Work order:
In the records below, the relevant part opens with the line containing "Diagnosis: adenocarcinomas" and closes with the line containing "Time of day: MorningAfternoon"; print that part exactly and only, without its pictures.

BEGIN Extracted data

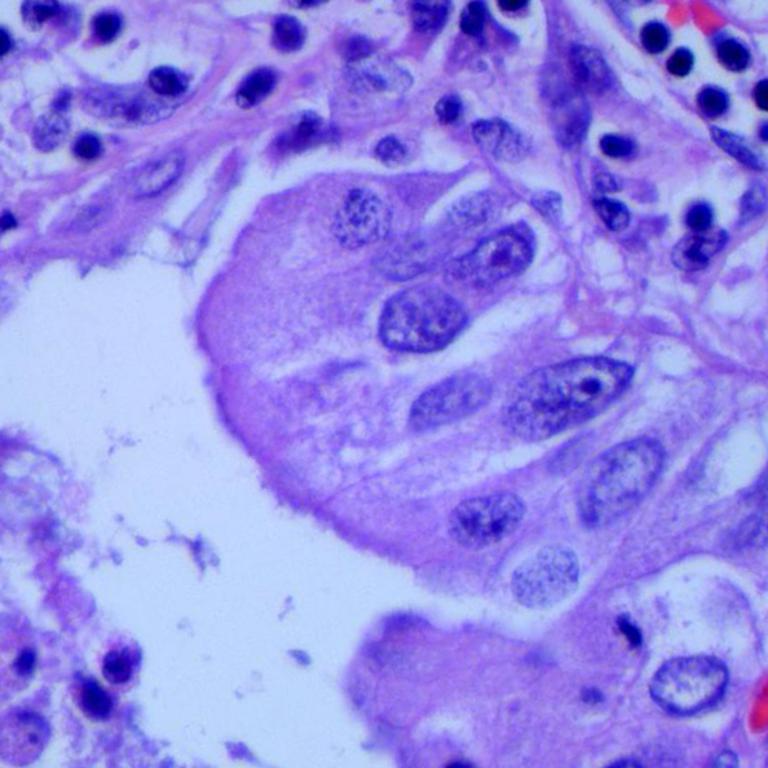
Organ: lung
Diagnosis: adenocarcinomas
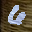
Label: 6
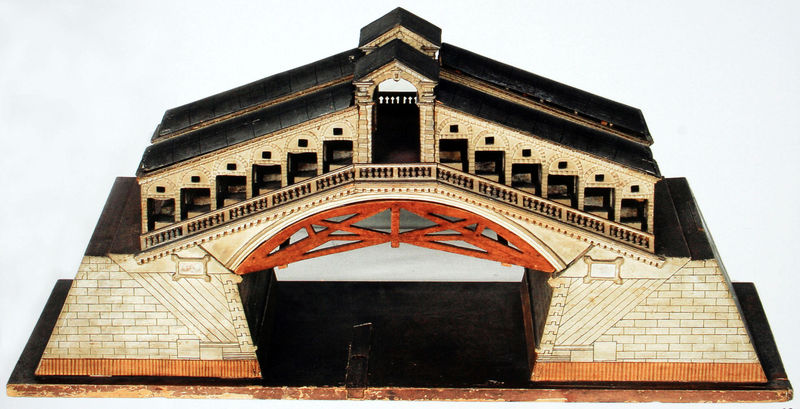
Titel: Zerlegbares Modell der Rialtobrücke (mit Transportkasten)
Künstler: Antonio da Ponte
Standort: Erlangen
Institution: Stromersche Kulturgut-, Denkmal- und Natur-Stiftung
Schlagwörter: gestein, braun, fenster, holz, marmor, pfeiler, schwarz, säulen, zeichnung, dach, haus, rot, architektur, stein, steine, brücke, brüstung, kanal, renaissance, modell, bogen, fassade, italien, venedig, giebel, mauer, ziegel, geschäfte, läden, rundbogen, treppe, treppen, symmetrie, aufgang, balken, geländer, plastik, platte, tor, foto, fotografie, bögen, schnitt, entwurf, schema, arkaden, struktur, florenz, fachwerk, ballustrade, miniatur, querschnitt, geometrie, konstrukt, lagune, gebälk, rekonstruktion, kollonade, fundament, treppenaufgang, kolonade, balluster, arkeden, bebauung, überdacht, rialto, rialtobrücke, modellbau, grundplatte, architecktur, modellfoto, schnittmodell, tragwerk, avantebrücke, lavante, lavantebrücke, cannale, uberdacht
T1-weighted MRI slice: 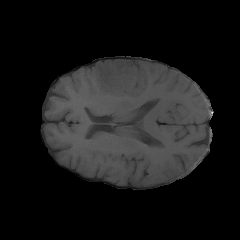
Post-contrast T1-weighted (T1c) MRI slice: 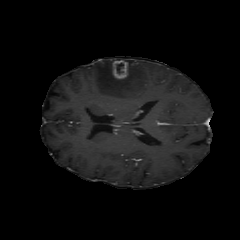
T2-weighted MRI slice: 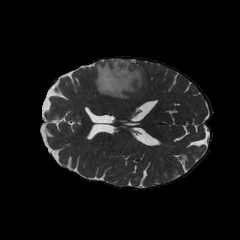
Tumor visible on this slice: yes
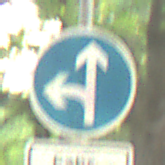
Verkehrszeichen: VorgeschriebeneFahrtrichtungGeradeausOderLinks
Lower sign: SonstigeFahrzeugePersonengruppenFrei4
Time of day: MorningAfternoon
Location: Outdoor (RoadRail)
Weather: Clear
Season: NotSpecified
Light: Natural
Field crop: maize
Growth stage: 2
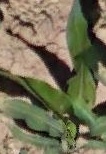
Species: maize
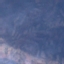
Land use / land cover: HerbaceousVegetation

END Extracted data

Response to the exercise:
Diagnosis: adenocarcinomas
Label: 6
Titel: Zerlegbares Modell der Rialtobrücke (mit Transportkasten)
Künstler: Antonio da Ponte
Standort: Erlangen
Institution: Stromersche Kulturgut-, Denkmal- und Natur-Stiftung
Schlagwörter: gestein, braun, fenster, holz, marmor, pfeiler, schwarz, säulen, zeichnung, dach, haus, rot, architektur, stein, steine, brücke, brüstung, kanal, renaissance, modell, bogen, fassade, italien, venedig, giebel, mauer, ziegel, geschäfte, läden, rundbogen, treppe, treppen, symmetrie, aufgang, balken, geländer, plastik, platte, tor, foto, fotografie, bögen, schnitt, entwurf, schema, arkaden, struktur, florenz, fachwerk, ballustrade, miniatur, querschnitt, geometrie, konstrukt, lagune, gebälk, rekonstruktion, kollonade, fundament, treppenaufgang, kolonade, balluster, arkeden, bebauung, überdacht, rialto, rialtobrücke, modellbau, grundplatte, architecktur, modellfoto, schnittmodell, tragwerk, avantebrücke, lavante, lavantebrücke, cannale, uberdacht
T1-weighted MRI slice: 
Post-contrast T1-weighted (T1c) MRI slice: 
T2-weighted MRI slice: 
Tumor visible on this slice: yes
Verkehrszeichen: VorgeschriebeneFahrtrichtungGeradeausOderLinks
Lower sign: SonstigeFahrzeugePersonengruppenFrei4
Time of day: MorningAfternoon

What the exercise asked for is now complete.